After working for more than 10 years, today a code caught my eye, I am unable to understand the function name defined inside a function gets printed in the output/log without being passed as an argument in macro or being defined as a global variable. Please help me understanding the internal. Please see the screenshot for the reference.
/*...*/
#include <stdio.h>
#define x printf("%s", f);
int main() {
char *f = "MAIN";
printf("Hello World");
x;
return 0;
}
Output:
Hello WorldMAIN
>Solution :
C preprocessor macros simply do text replacement. They have no semantic awareness of your program.
This:
#include <stdio.h>
#define x printf("%s", f);
int main()
{
char* f = "MAIN";
printf ("Hello World");
x;
return 0;
}
Becomes:
#include <stdio.h>
int main()
{
char* f = "MAIN";
printf ("Hello World");
printf("%s", f);;
return 0;
}
Please note that if there is no f declared when this macro is used, you will see a compiler error. If f is declared, but is not a char *, you should see compiler warnings.

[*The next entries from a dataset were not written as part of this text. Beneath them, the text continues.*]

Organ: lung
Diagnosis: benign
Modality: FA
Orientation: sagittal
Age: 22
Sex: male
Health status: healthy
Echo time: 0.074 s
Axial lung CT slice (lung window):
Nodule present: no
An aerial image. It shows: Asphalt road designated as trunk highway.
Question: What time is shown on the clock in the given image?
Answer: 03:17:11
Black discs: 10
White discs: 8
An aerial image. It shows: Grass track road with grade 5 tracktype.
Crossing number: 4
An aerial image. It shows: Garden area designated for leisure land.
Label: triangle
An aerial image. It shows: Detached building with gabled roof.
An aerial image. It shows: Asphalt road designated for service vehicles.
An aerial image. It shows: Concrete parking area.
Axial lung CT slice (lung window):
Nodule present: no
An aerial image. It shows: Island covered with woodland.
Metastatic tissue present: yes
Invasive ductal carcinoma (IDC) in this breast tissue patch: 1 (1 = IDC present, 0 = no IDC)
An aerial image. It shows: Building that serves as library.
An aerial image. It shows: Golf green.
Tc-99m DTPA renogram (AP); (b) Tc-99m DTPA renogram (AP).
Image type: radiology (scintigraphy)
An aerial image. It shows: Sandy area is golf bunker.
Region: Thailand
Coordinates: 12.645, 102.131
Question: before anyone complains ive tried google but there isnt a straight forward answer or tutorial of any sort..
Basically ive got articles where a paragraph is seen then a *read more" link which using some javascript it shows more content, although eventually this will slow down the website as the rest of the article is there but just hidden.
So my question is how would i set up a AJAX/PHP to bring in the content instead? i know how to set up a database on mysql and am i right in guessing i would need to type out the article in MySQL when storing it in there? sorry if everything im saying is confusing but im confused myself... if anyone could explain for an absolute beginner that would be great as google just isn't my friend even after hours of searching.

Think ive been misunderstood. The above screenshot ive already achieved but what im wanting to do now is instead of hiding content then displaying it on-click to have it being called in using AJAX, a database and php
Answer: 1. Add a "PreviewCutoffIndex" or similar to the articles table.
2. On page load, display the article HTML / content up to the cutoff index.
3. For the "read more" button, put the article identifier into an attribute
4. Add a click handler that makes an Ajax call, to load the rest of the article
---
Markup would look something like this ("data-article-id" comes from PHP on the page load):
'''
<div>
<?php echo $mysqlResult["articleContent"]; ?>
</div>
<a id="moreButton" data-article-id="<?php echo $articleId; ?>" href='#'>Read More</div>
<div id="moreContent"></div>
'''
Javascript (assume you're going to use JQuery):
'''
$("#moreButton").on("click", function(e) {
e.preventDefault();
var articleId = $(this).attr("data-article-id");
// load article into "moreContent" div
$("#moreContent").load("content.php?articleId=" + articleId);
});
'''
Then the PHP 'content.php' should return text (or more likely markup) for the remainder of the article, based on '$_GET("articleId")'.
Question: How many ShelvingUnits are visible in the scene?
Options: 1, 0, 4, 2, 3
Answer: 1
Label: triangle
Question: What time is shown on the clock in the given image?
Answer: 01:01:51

Some preprocessor macro best practices include (but are not limited to) using capitalized names, as x by convention looks like a variable or function name; and being careful about what syntactically significant symbols (in this case ;) you include in your macro text.
Hopefully this example was done for the sake of learning, because it is wholly unnecessary. Preprocessor macros wouldn’t exist if they didn’t serve a purpose, but beware they can easily obfuscate code.